Sunday, January 28, 2007

Good For Them, Bad For Us

[The following article originally appeared in the Roanoke Times on December 17, 2006]

What’s Good For Them Is Bad for Us
By Jerry Fuhrman

I read with dismay in the Richmond Times-Dispatch on Monday that Governor Kaine intends to propose another series of tax increases next year in order to fix the roads up north.

It’s dismaying for two reasons: (1) the state is already so awash in cash that it is incapable of spending it fast enough and (2) the transportation issue is, by and large, a Northern Virginia issue, one that, in its being solved through higher taxes, will have an adverse effect on this area. While Northern Virginia gains nice roads, Southwest Virginia loses more jobs.

Up north, the issues of the day revolve around businesses being stacked atop one another. Smart growth (sometimes called growth management or land management), and mass transit, along with alternative fuels, are the primary topics of discussion.



Here in Southwest Virginia, our most pressing issues relate to employers and how we might gain a few. And to hold on to the few we have. We talk here of improving the quality of a woefully inadequate public education system. And of improving the quality of the drinking water. In Southwest Virginia - in 2006 – we talk about putting sewer systems into communities that have never had them.

It’s not that we don’t have our own transportation wish list. There is certainly discussion in some circles about the necessary completion of the Coalfields Expressway and about much-needed improvements to U.S. 58. Then there’s the ongoing debate about I-81 from Roanoke to Wytheville and whether it needs to be upgraded, or converted into some kind of traffic-congesting toll road.

That's all, in the big scheme of things, probably important. But generally, transportation issues aren't uppermost in the thoughts and discussions of folks around here.

What’s uppermost? Paychecks. Food. Clothing. Shelter. The kinds of things taken for granted in the fabulously prosperous north. We think about our small communities like Chilhowie and Galax and the Narrows being decimated by the loss of thousands of jobs in recent years.

What we need in order to solve our job-loss problems are employers, pure and simple. What we don’t need are more taxes adding to an already heavy burden being carried by those who provide us with an ever-dwindling number of jobs.


A message for state Senators Phil Puckett and Roscoe Reynolds, both of whom can be called upon to loyally carry the Democratic Party’s water when it’s time to vote in favor of another tax hike to solve transportation issues that are, overwhelmingly, northern Virginia issues: Your allegiance is not to Fairfax or Alexandria. You owe it to your constituents here to vote in their best interests. In fact, it goes beyond that. Your votes in favor of tax hikes do considerable damage to those who are most in need of your help.
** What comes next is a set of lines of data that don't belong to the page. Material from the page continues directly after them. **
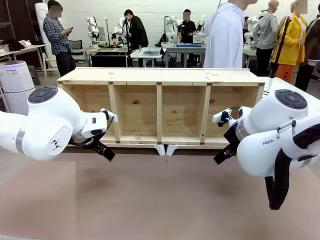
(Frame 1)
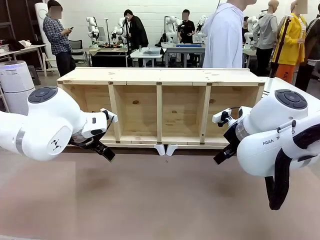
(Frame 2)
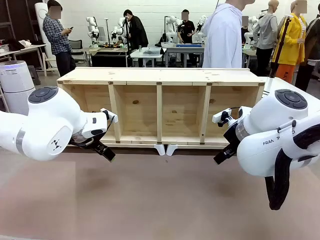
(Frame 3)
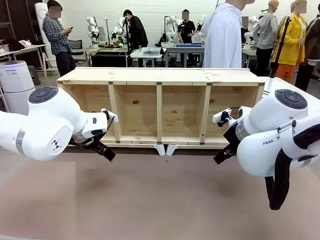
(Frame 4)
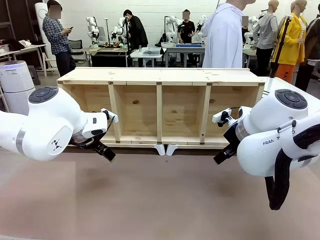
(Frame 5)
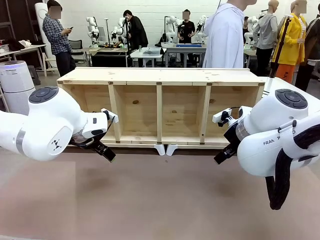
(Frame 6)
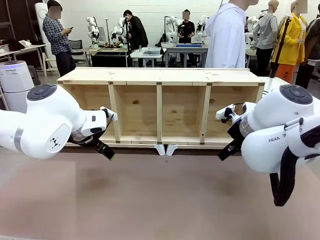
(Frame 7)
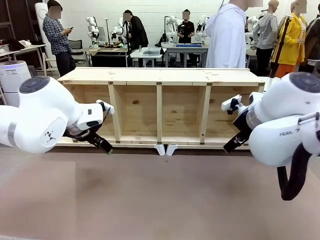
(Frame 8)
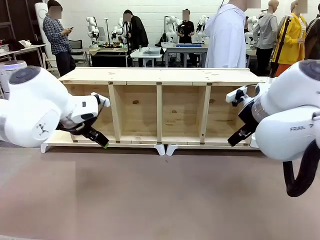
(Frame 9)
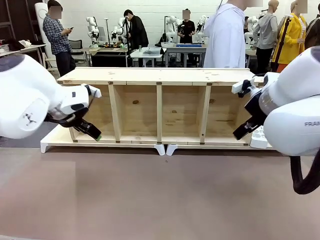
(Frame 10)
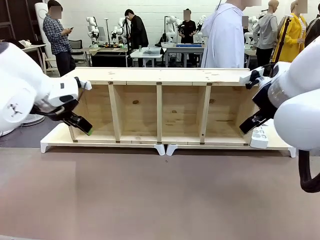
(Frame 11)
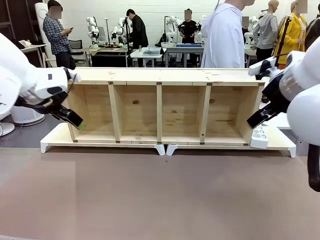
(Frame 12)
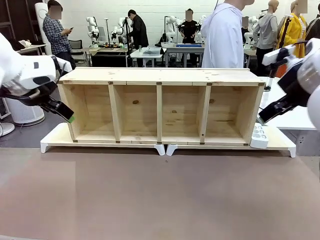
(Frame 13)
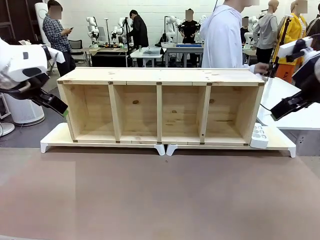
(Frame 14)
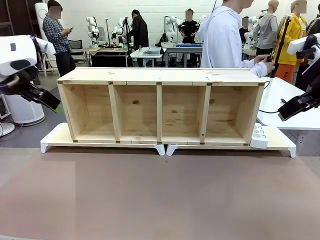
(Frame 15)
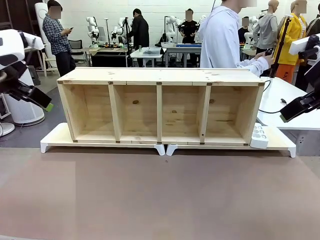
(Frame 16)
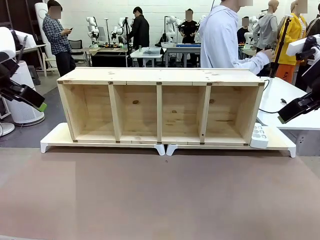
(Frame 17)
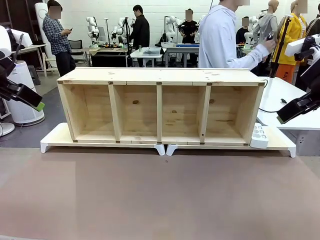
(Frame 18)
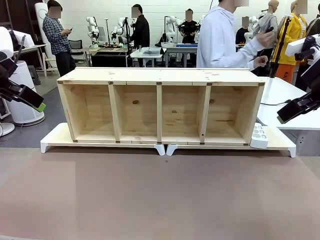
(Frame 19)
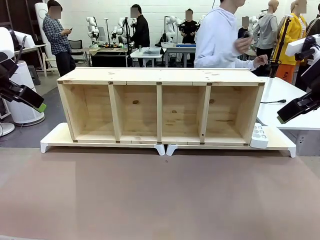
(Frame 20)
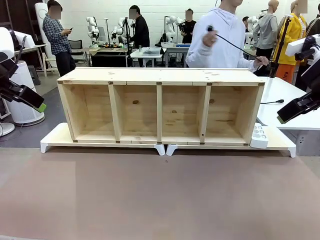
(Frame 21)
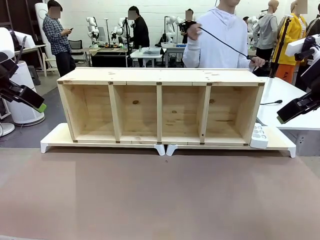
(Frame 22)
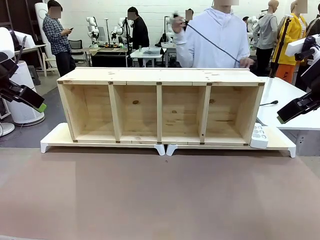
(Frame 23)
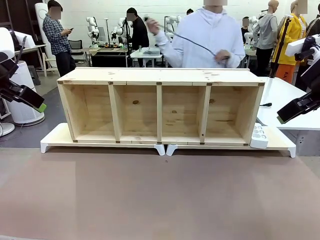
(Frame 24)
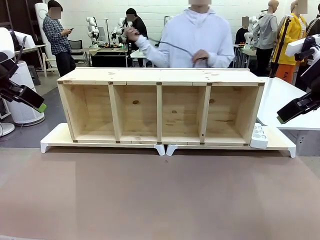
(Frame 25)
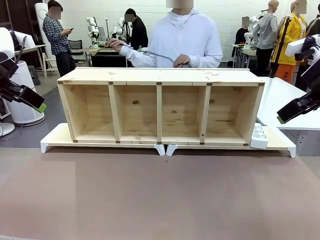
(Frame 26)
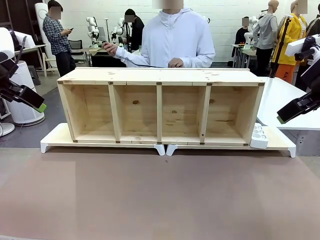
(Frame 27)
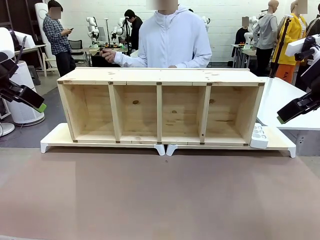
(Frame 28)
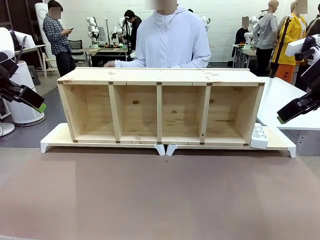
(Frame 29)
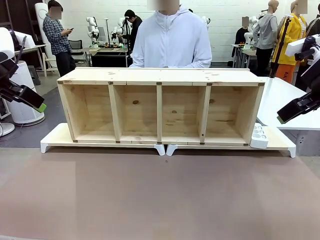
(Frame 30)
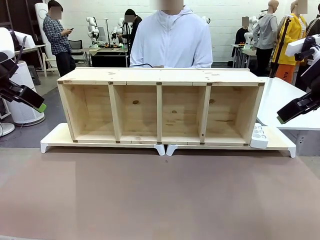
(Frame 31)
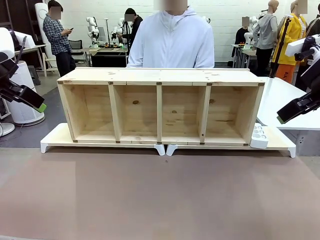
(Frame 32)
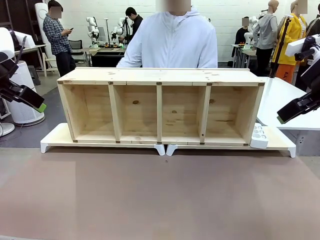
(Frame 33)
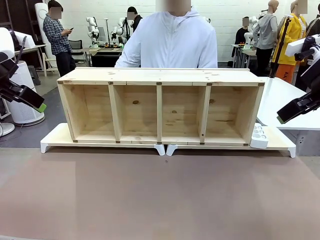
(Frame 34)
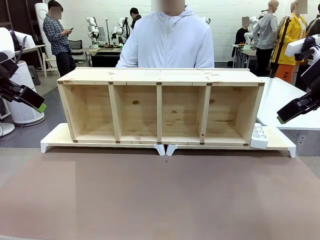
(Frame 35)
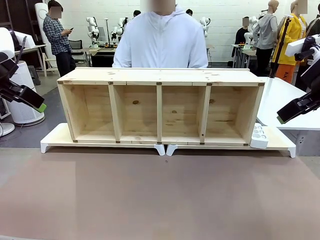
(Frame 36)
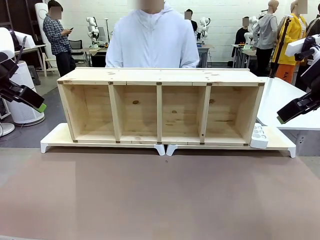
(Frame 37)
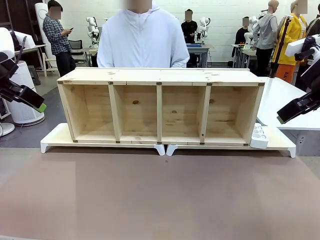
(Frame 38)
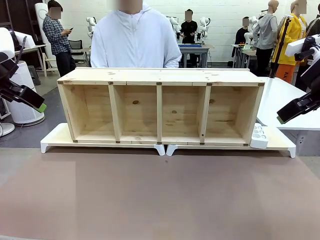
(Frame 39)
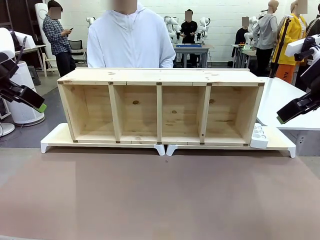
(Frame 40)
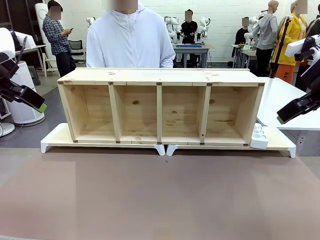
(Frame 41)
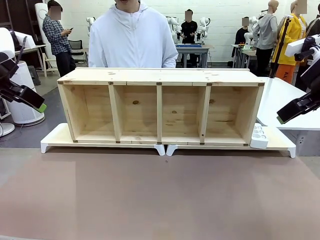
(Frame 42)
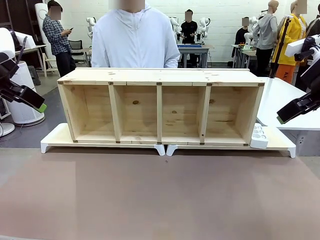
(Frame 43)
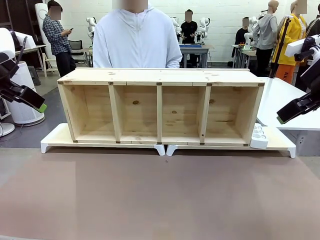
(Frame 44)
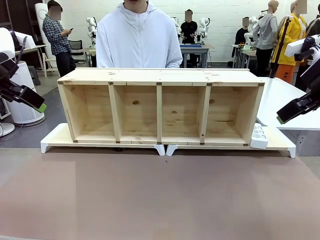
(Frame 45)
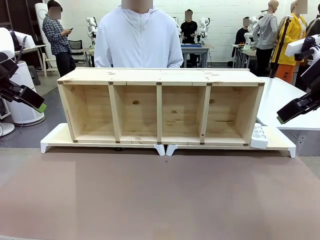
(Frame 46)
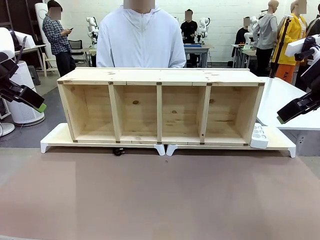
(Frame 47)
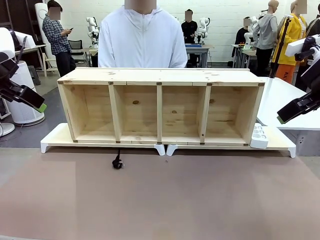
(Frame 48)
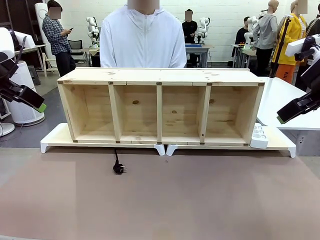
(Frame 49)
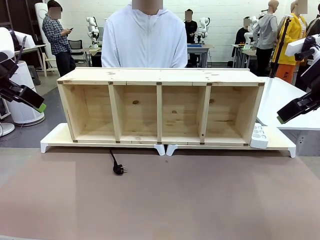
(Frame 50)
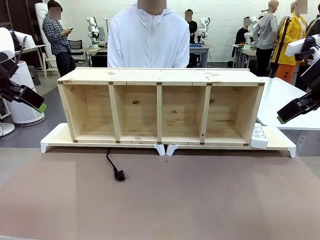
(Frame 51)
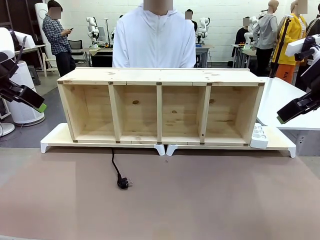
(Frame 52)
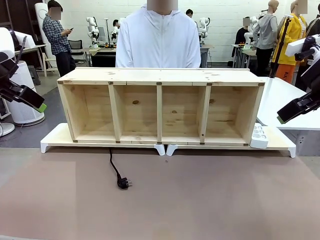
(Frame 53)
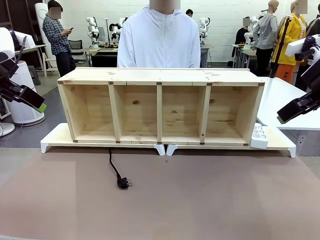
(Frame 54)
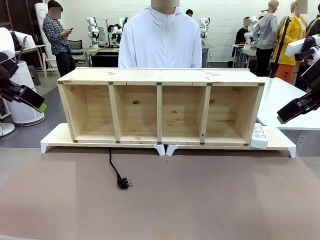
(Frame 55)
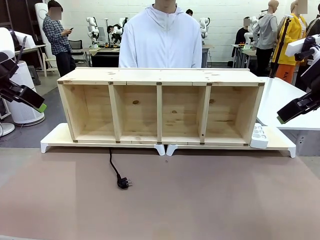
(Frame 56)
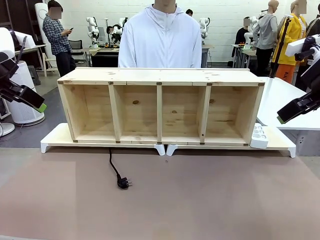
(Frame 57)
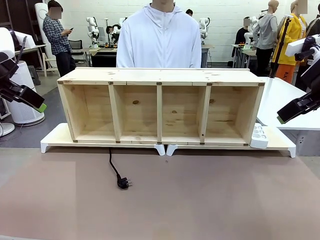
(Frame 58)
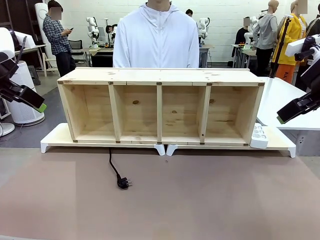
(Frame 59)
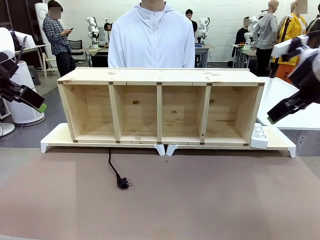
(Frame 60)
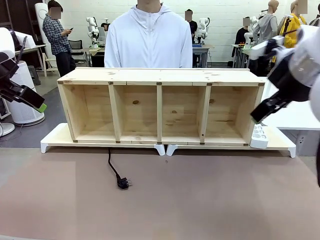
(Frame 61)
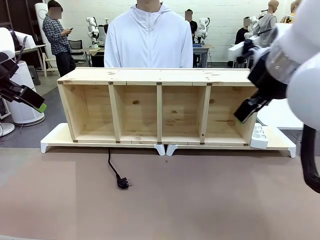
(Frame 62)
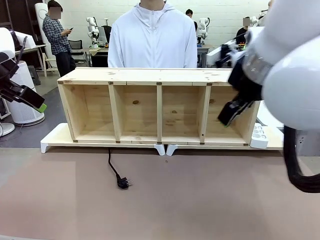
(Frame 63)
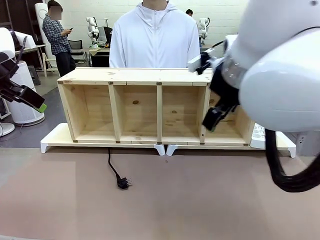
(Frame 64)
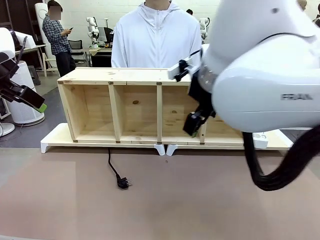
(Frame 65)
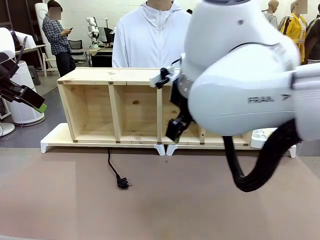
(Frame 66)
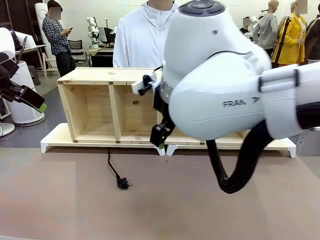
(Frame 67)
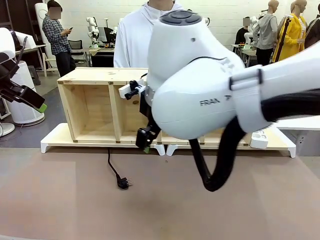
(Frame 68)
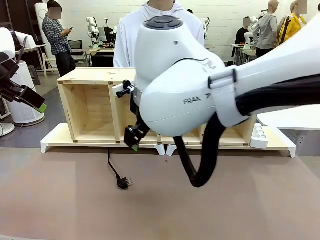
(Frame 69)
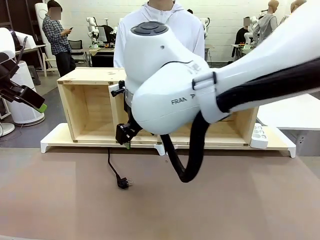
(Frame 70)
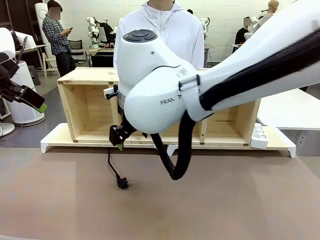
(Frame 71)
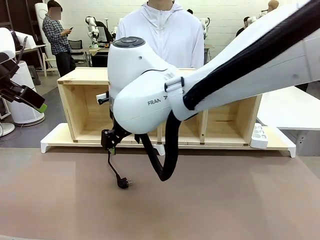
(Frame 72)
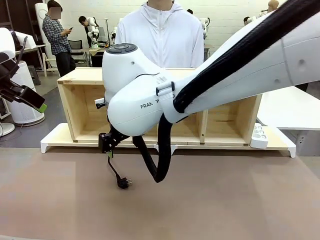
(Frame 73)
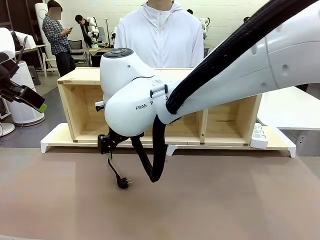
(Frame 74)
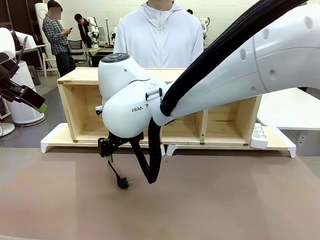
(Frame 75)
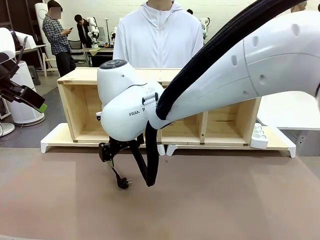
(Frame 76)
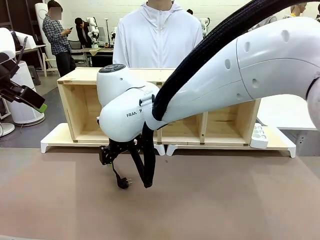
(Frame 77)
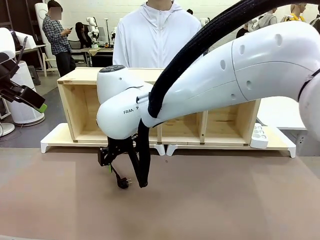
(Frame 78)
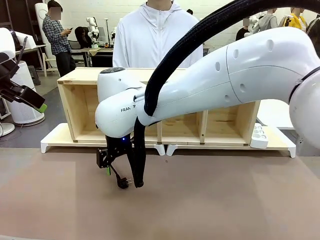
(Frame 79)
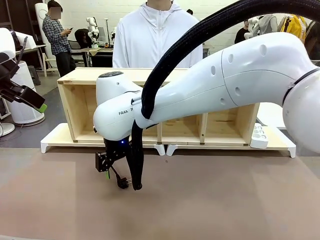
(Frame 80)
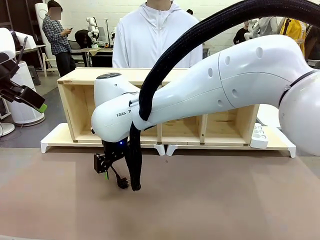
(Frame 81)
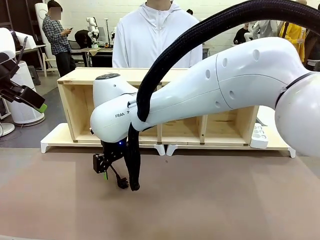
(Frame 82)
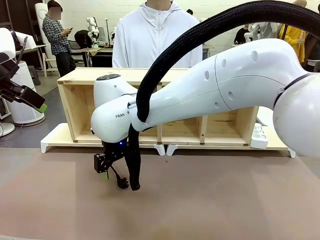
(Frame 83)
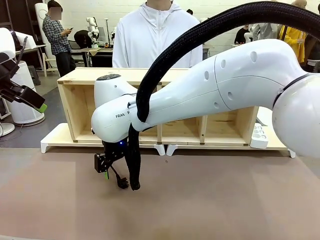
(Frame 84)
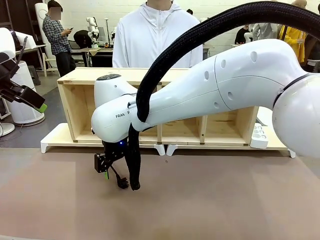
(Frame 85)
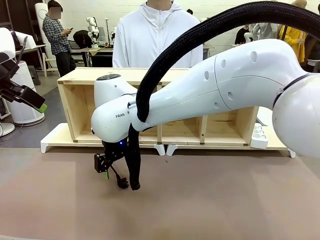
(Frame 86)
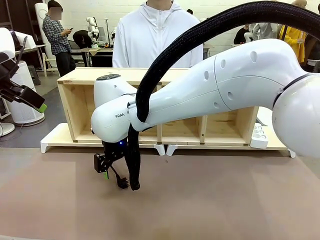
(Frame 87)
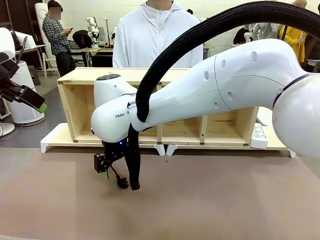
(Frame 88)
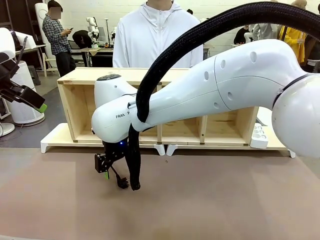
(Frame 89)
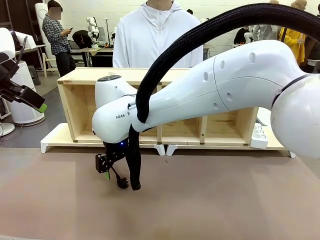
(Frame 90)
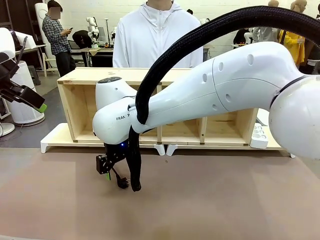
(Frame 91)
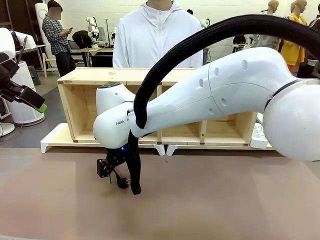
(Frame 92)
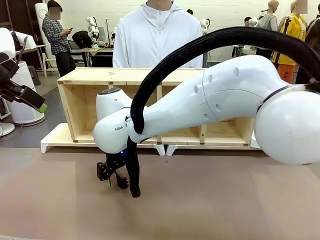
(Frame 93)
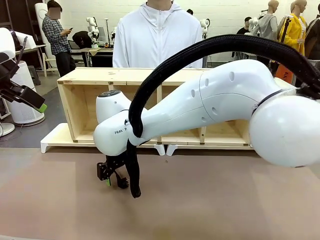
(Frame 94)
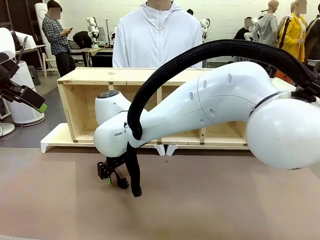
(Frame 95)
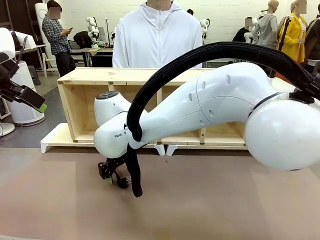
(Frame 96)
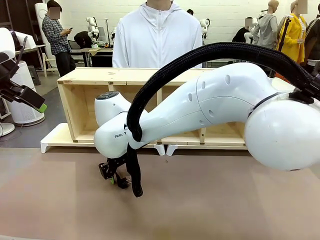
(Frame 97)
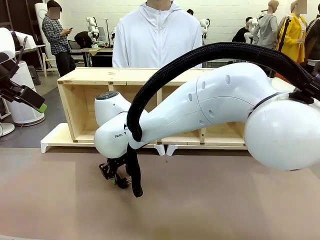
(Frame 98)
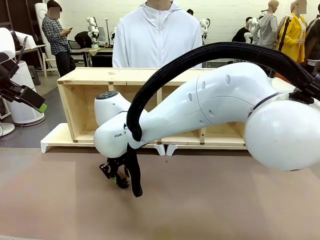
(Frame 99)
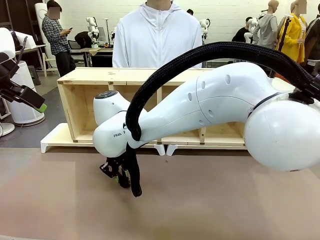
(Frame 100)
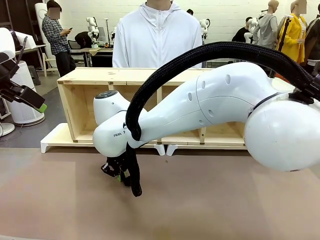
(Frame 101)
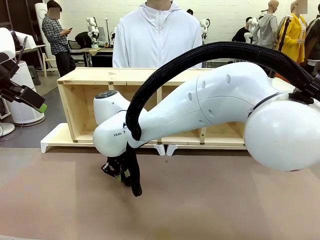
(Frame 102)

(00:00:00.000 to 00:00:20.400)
Task: Perform cable management.
Robot: When the cord part of the Power Cable appears at the lower middle area of the table and stops, grasp the cord part of the Power Cable.
Person: Pass the Power Cable under the Serving Table.

There are those who argue that we shouldn’t be trying to pound a wedge between north and south; that we’re all ultimately in this together. Really? It’s fair to suggest that higher taxes will drive more Southwest Virginia employers out of business and our governor and most state legislators are arguing in favor of raising them and raising them again. We are all in this together to benefit whom?

We’re going to raise taxes here to pay a quarter of a billion dollars to construct a tunnel for a small stretch of rail line from Tyson’s Corner to Dulles airport (that amount is just to run it underground; the four-mile railroad extension project will cost $4 billion in its entirety) so as to not affect property values and to preserve Tyson’s scenic ambience?

We’re willing to vote people out of work in Saltville and Pulaski and Hillsville for that?

People in the state’s poorest county, Lee, are going to pay for a tunnel in Fairfax County, the state’s wealthiest, so people don’t have to look upon an unsightly train track when they stroll over to Starbuck’s for their daily Venti Peppermint Java Chip Frappuccino?

I don’t think so.

It’s time our elected representatives were on our side. That means voting to create jobs. And that is accomplished, in part, by reducing the tax burden on Southwest Virginia’s employers.

Folks up north want their roads repaired? Ain’t nobody stopping them.